▸ **Exercise input**:
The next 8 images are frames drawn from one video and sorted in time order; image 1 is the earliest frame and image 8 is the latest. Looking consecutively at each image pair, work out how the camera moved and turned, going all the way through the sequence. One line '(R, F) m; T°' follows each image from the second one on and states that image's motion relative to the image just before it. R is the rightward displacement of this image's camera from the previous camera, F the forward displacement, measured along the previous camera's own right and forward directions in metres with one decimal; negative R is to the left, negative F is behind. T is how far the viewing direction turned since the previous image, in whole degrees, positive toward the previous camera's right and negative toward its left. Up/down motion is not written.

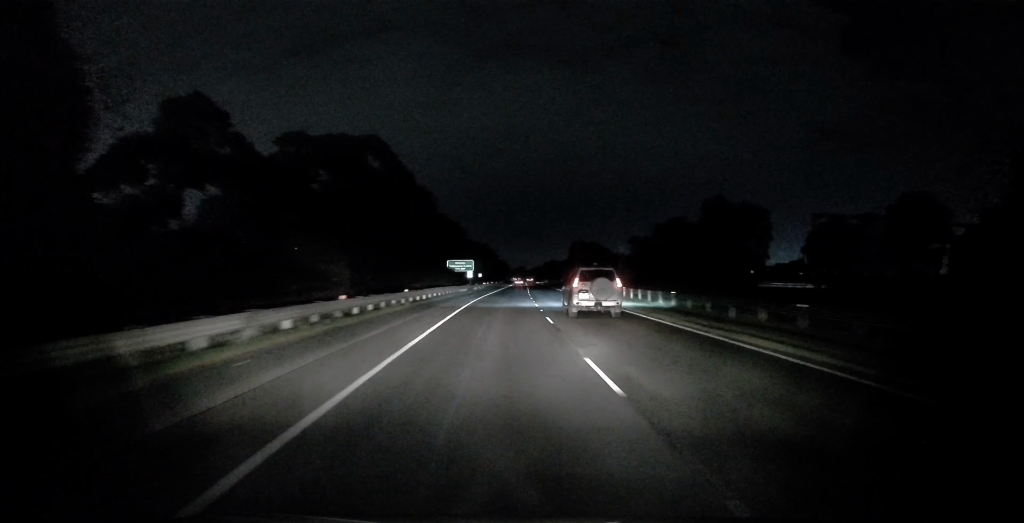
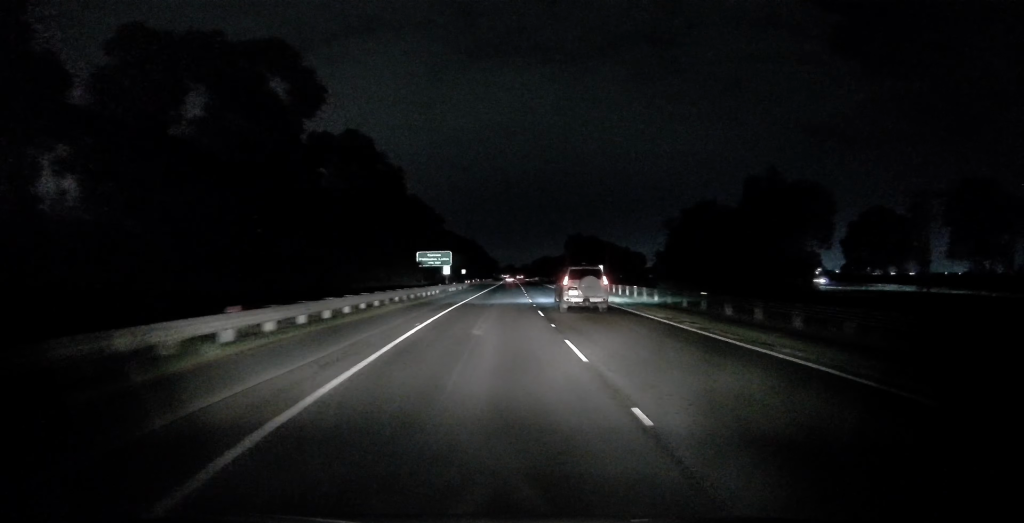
(-0.6, +21.4) m; -2°
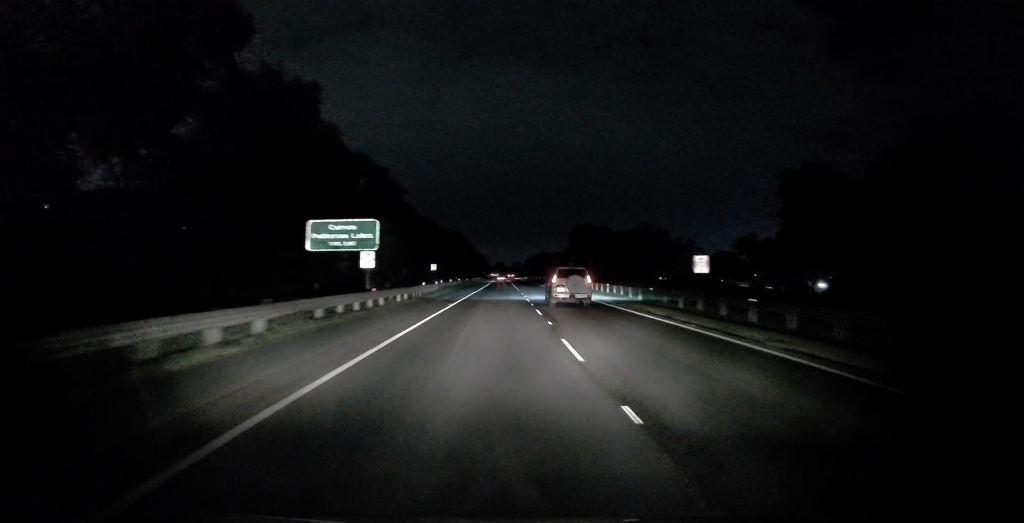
(-0.3, +38.4) m; -1°
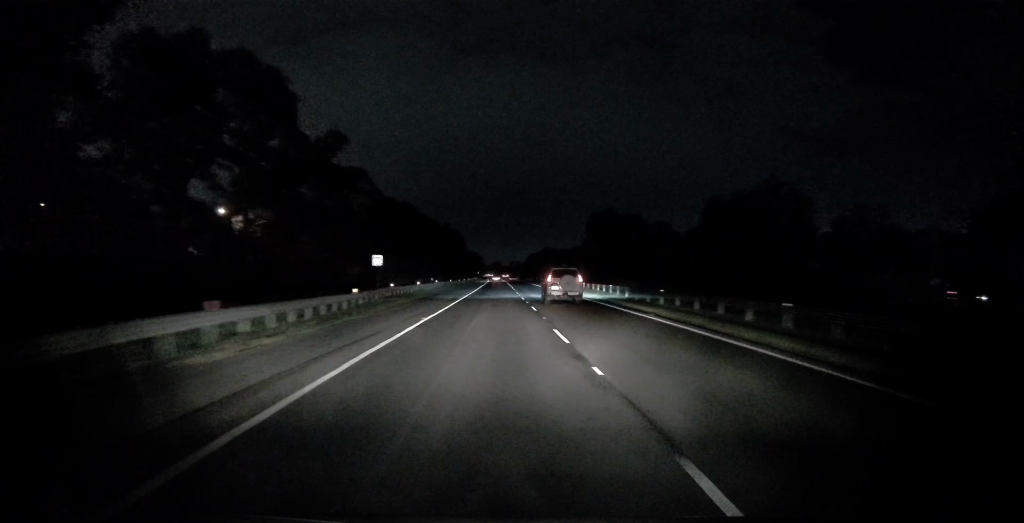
(+0.2, +39.2) m; 0°
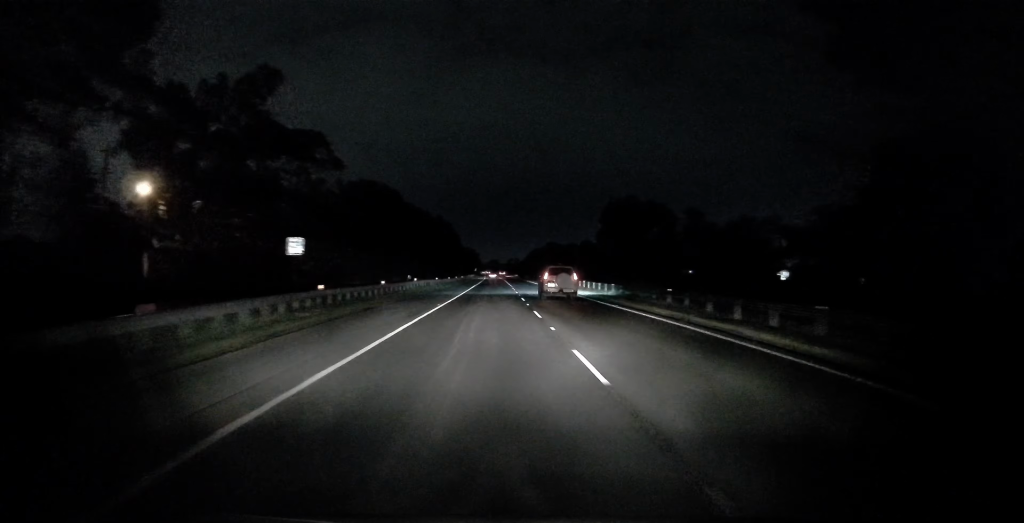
(-0.2, +22.2) m; 0°
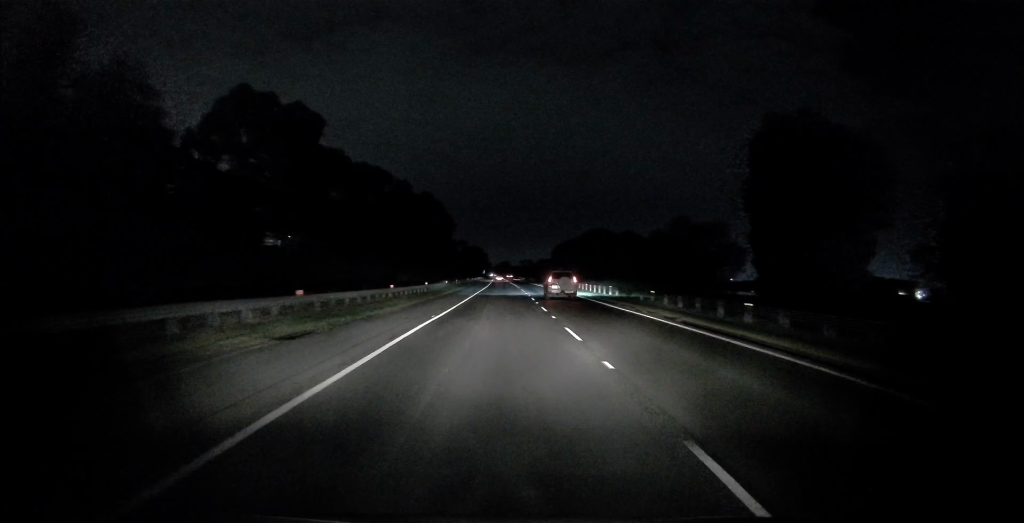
(+0.4, +59.9) m; +1°
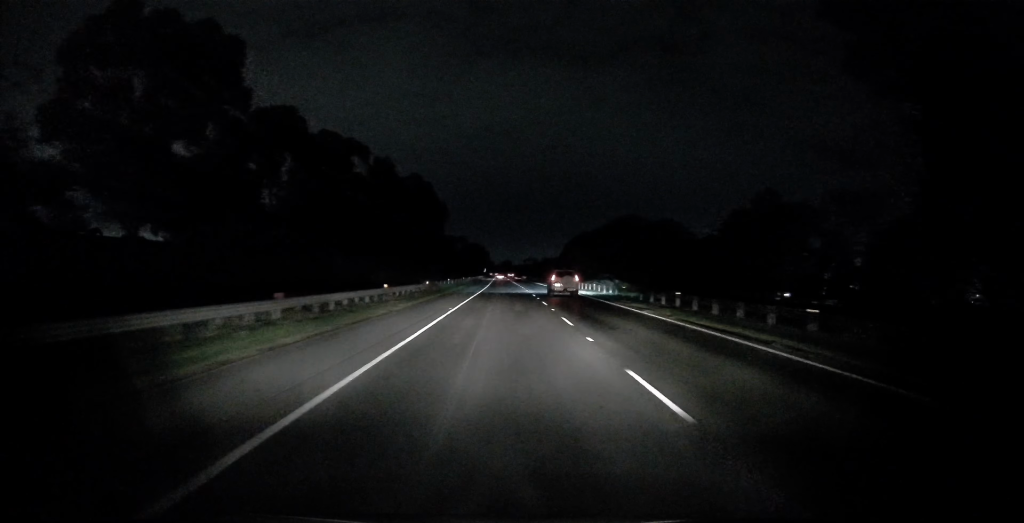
(+0.1, +16.2) m; 0°
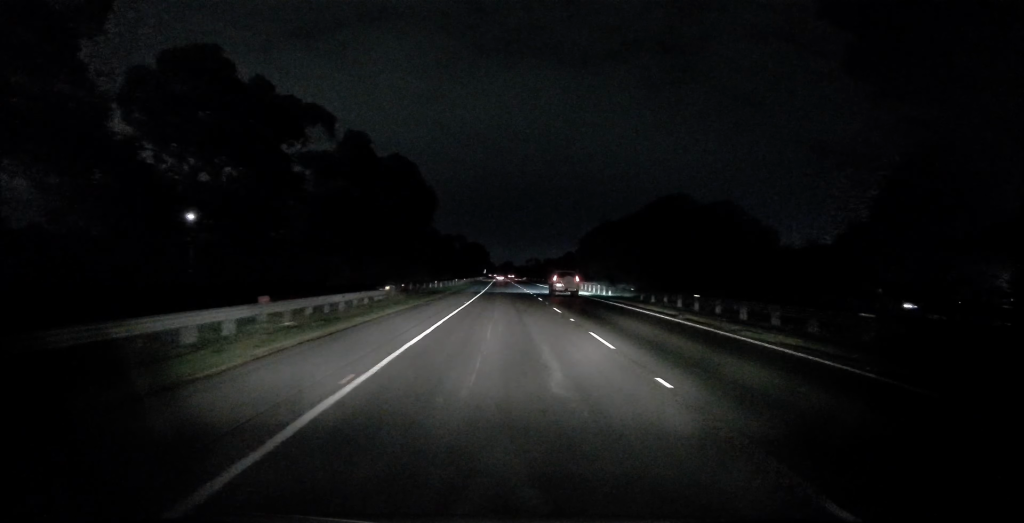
(+0.2, +13.3) m; 0°

▸ **Task requirements**: Reproduce the entries above word for word. Pictures stay out.

▸ **Solved problem**:
The next 8 images are frames drawn from one video and sorted in time order; image 1 is the earliest frame and image 8 is the latest. Looking consecutively at each image pair, work out how the camera moved and turned, going all the way through the sequence. One line '(R, F) m; T°' follows each image from the second one on and states that image's motion relative to the image just before it. R is the rightward displacement of this image's camera from the previous camera, F the forward displacement, measured along the previous camera's own right and forward directions in metres with one decimal; negative R is to the left, negative F is behind. T is how far the viewing direction turned since the previous image, in whole degrees, positive toward the previous camera's right and negative toward its left. Up/down motion is not written.

(-0.6, +21.4) m; -2°
(-0.3, +38.4) m; -1°
(+0.2, +39.2) m; 0°
(-0.2, +22.2) m; 0°
(+0.4, +59.9) m; +1°
(+0.1, +16.2) m; 0°
(+0.2, +13.3) m; 0°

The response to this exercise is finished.